I hope everyone survived Thanksgiving. I had a great time with my parents. I even won $27 at the casino! I also went to a Weight Watchers meeting while I was away. They said I had gained 0.2 lbs. I didn't really believe them because I had been super good the previous week. The only big difference was that I didn't go to water aerobics on Tuesday night because I was on a plane. But I didn't get too depressed. I ate well for the first two nights, but it was all down hill after Thanksgiving. It was liberating allowing myself to eat or drink whatever and however much I wanted. I realized how restrictive I have been with myself. But it also felt bad because I knew I was going to pay for it this week during my weigh-in. The funny thing was that I actually lost 2.2 lbs. last week! How the f*ck did I do that? My theory is that I actually lost weight two weeks ago - like 4 lbs., but since the scales were different it didn't show up. Then I think I gained 2 lbs. back last week during my Thanksgiving feast. I was also good on Sunday and Monday and had water aerobics tonight before I weighed-in today so I think that also impacted the scale. Don't worry. I have no illusions that I can eat whatever I want and still lose weight. If anything I'm confused. There are weeks when I am so good and I don't lose any weight and then last week I lose! I feel like I have no control over my weight some times.

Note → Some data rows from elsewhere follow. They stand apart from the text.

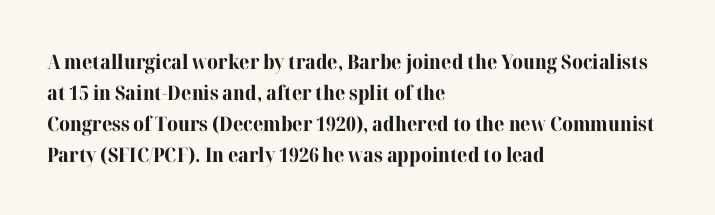
The image shows 20 px bold type, upright; set left-aligned, normal line spacing (1.55x), normal letter spacing, not underlined.
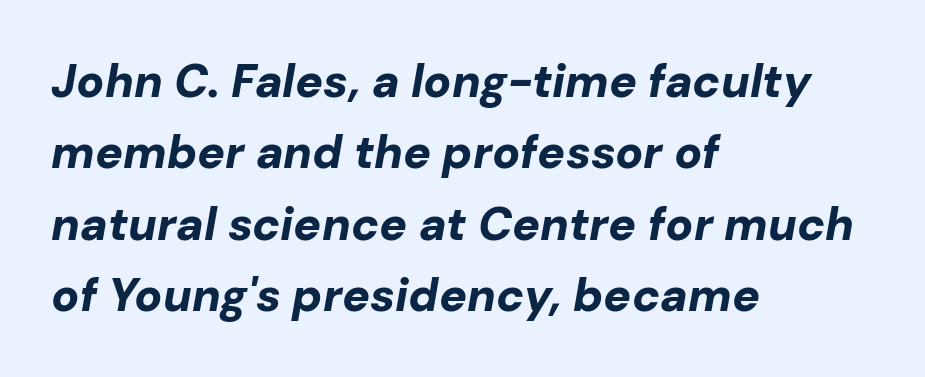
The face used here is proportionally spaced, like ordinary book or web type. Rendered with sloped, italic letterforms. The lines sit at an ordinary, default distance from one another. In CSS terms this would be text-align: left. Each glyph is drawn with heavy, bold strokes.
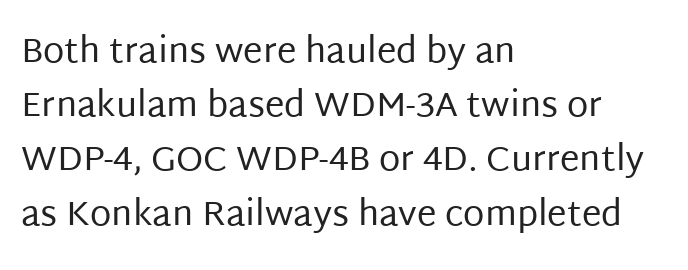
The image shows 35 px regular-weight sans-serif type, upright; set left-aligned, normal line spacing (1.55x), normal letter spacing, not underlined; low stroke contrast and a large x-height.
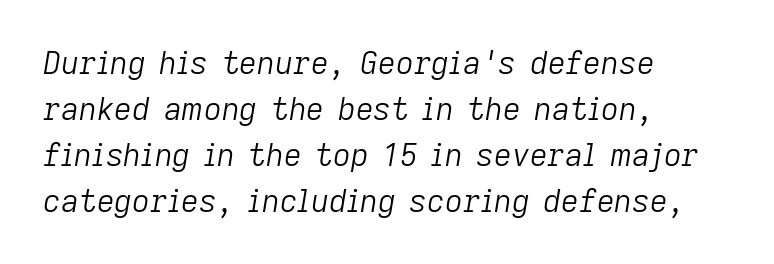
Q: Is the text bold? A: No.
Q: Is the text italic (slanted)? A: Yes, it leans right by about 9 degrees.
Q: Is the text underlined? A: No.
Q: How is the paragraph aligned? A: Left-aligned.
Q: Is the spacing between letters normal or unusually wide? A: Normal.
Q: Is the spacing between lines tight, normal or loose? A: Normal.
Q: Width (condensed, normal, or wide)? A: Normal.
Q: Stroke contrast? A: Low.
Q: x-height? A: Medium.
Q: Monospaced? A: No.
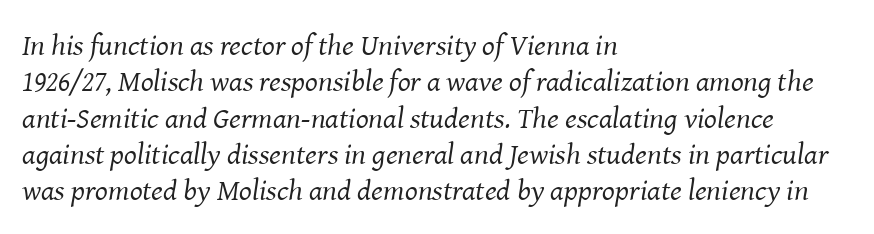
The image shows 30 px regular-weight serif type, italic (leaning right); set left-aligned, line spacing 1.21x, normal letter spacing, not underlined; medium stroke contrast and a medium x-height.
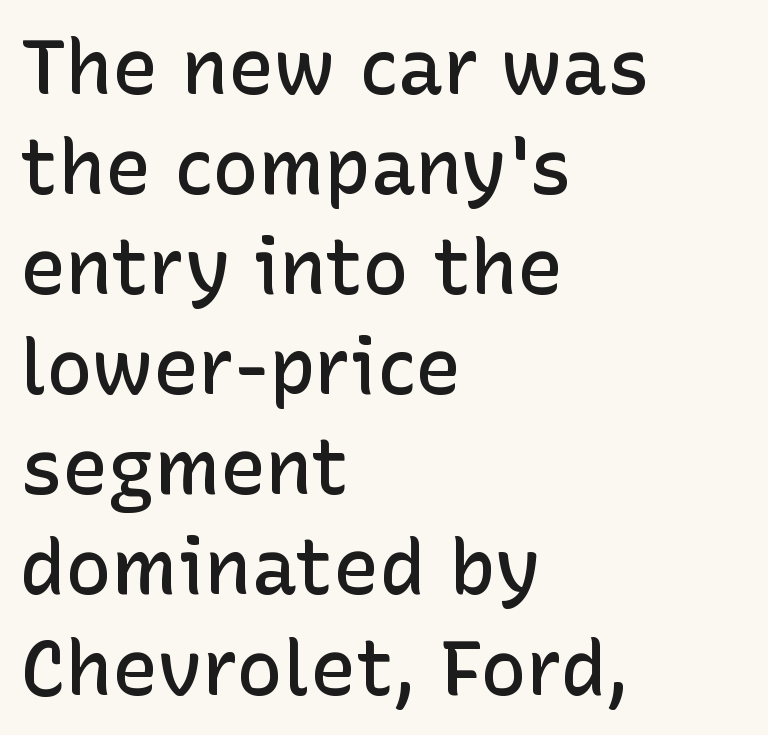
Nothing sits at the stroke ends, so this counts as sans-serif. Honestly, the row spacing looks completely unremarkable. Check the space under the baseline: it is left empty. The letterforms sit shoulder to shoulder at normal distance. Bold? Not quite — semibold, heavier than regular but stopping short. Line beginnings align vertically; line endings do not.
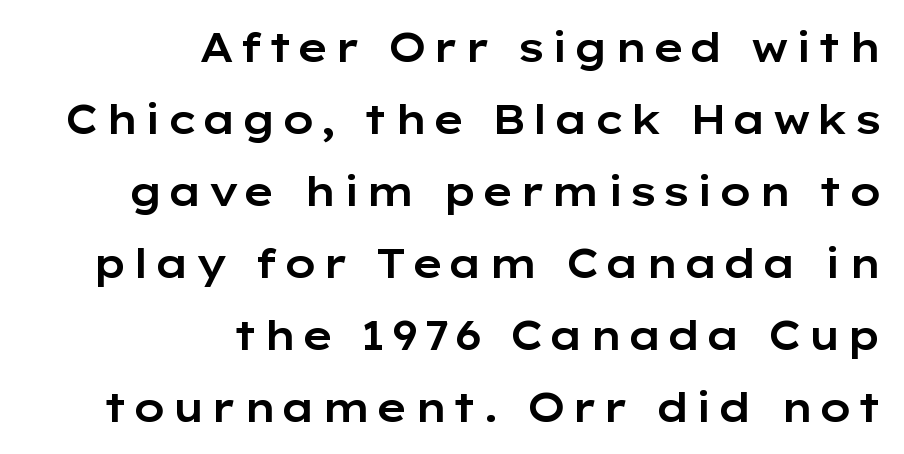
{"serif": "no", "italic": "no", "width": "wide", "stroke_contrast": "low", "x_height": "medium", "monospaced": "no", "underline": "no", "align": "right", "line_spacing_ratio": 1.8, "glyph_px": 40}
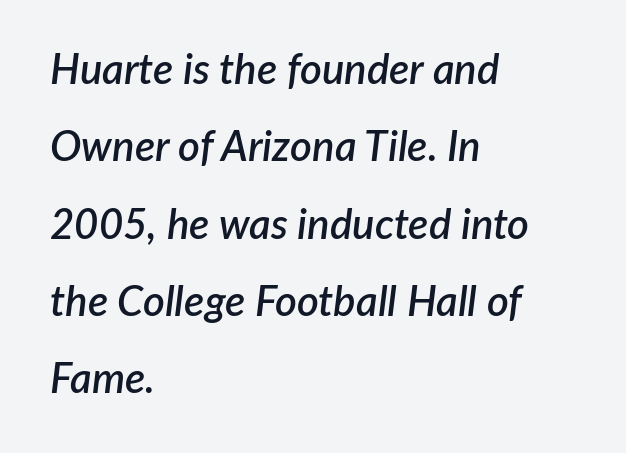
Q: Is the text bold? A: Semi-bold.
Q: Is the text italic (slanted)? A: Yes, it leans right by about 7 degrees.
Q: Is the text underlined? A: No.
Q: How is the paragraph aligned? A: Left-aligned.
Q: Is the spacing between letters normal or unusually wide? A: Normal.
Q: Width (condensed, normal, or wide)? A: Normal.
Q: Stroke contrast? A: Low.
Q: x-height? A: Medium.
Q: Monospaced? A: No.
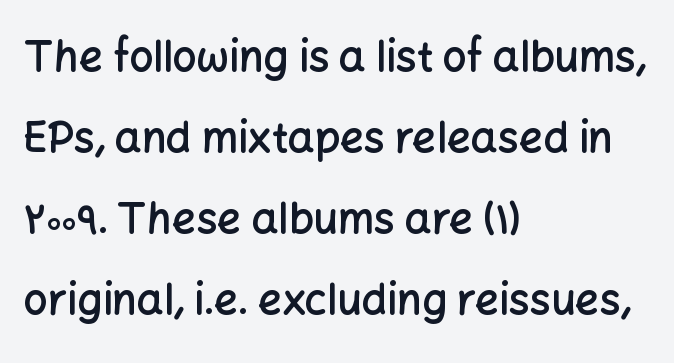
Q: Is the text bold? A: Semi-bold.
Q: Is the text italic (slanted)? A: No, it is upright.
Q: Is the typeface a serif or a sans-serif typeface? A: Sans-serif.
Q: Is the text underlined? A: No.
Q: How is the paragraph aligned? A: Left-aligned.
Q: Is the spacing between letters normal or unusually wide? A: Normal.
Q: Is the spacing between lines tight, normal or loose? A: Loose.
Q: Width (condensed, normal, or wide)? A: Normal.
Q: Stroke contrast? A: Low.
Q: x-height? A: Medium.
Q: Monospaced? A: No.
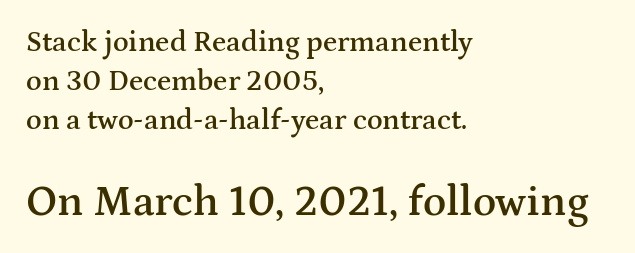
{"serif": "yes", "italic": "no", "bold": "semi", "weight": "semibold", "width": "wide", "stroke_contrast": "medium", "x_height": "medium", "monospaced": "no", "underline": "no", "align": "left", "line_spacing": "normal", "line_spacing_ratio": 1.35, "letter_spacing": "normal", "letter_spacing_em": 0.0, "larger_block": "second", "size_ratio": 1.48, "glyph_px": 43}
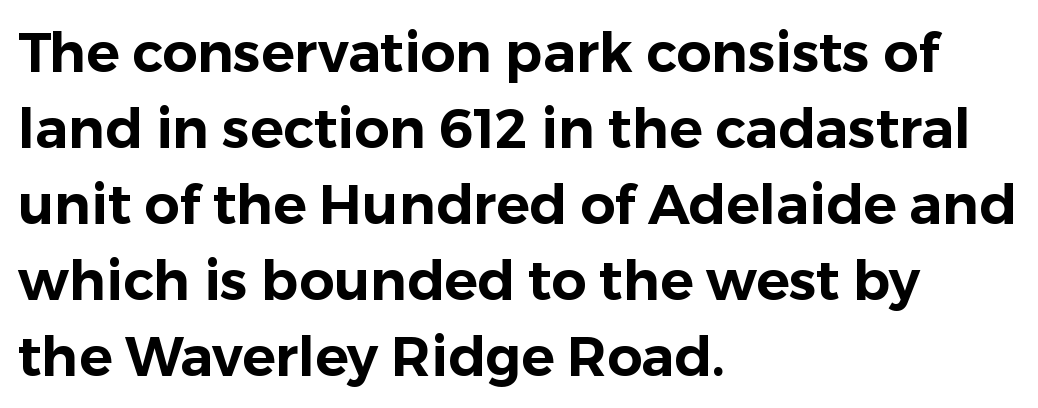
The designer went with a sans here, leaving each stem footless. This sample has the flowing, uneven cadence of proportional lettering. Tall strokes in this sample are plumb rather than angled. Honestly, there is no underline to notice here at all. The space between consecutive lines is moderate.
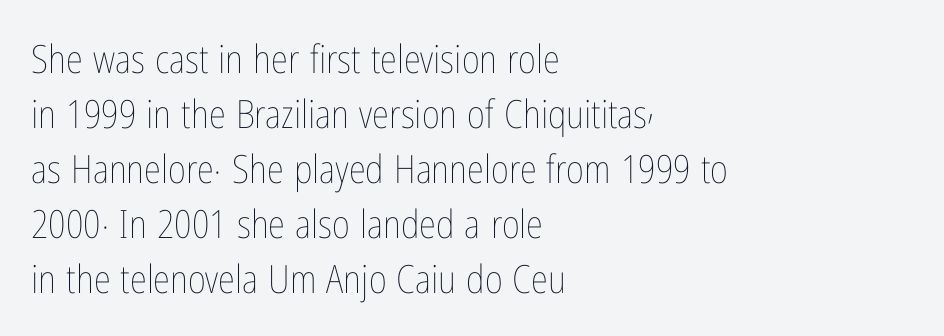
{"italic": "no", "bold": "no", "weight": "thin", "width": "condensed", "stroke_contrast": "low", "x_height": "medium", "monospaced": "no", "underline": "no", "align": "left", "line_spacing": "normal", "line_spacing_ratio": 1.41, "letter_spacing": "normal", "letter_spacing_em": 0.0, "glyph_px": 39}
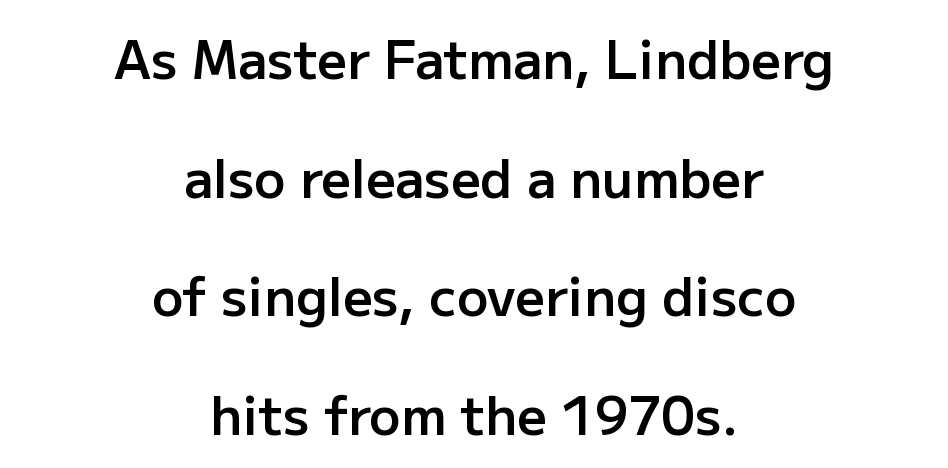
The image shows 52 px semibold sans-serif type, upright; set centered, loose line spacing (2.28x), normal letter spacing, not underlined; low stroke contrast and a medium x-height.

I'm nervous for Christmas. I am spending 2-1/2 weeks at my parents house. It only took two days for me to back slide into eating whatever I wanted at Thanksgiving (I was there Tuesday-Sunday). How am I going to hold up there for 17 days?! It was like I had no will power. Because it wasn't my regular routine I didn't make very good food choices. I am going to have to be really vigilant while I am there in Dec/Jan. I was thinking about not going to my Weight Watchers meetings while I'm out there because the local meeting made me pay (they didn't accept my Monthly Pass). I was thinking I could save the money and just weigh myself with my mom's scale. Now I'm thinking that it is imperative that I go to those weekly meetings. I think it will help keep me on track. That and making sure I count points. I did count points last week and it was awful to see how much I ate.
I should be enjoying my loss, but I'm just confused.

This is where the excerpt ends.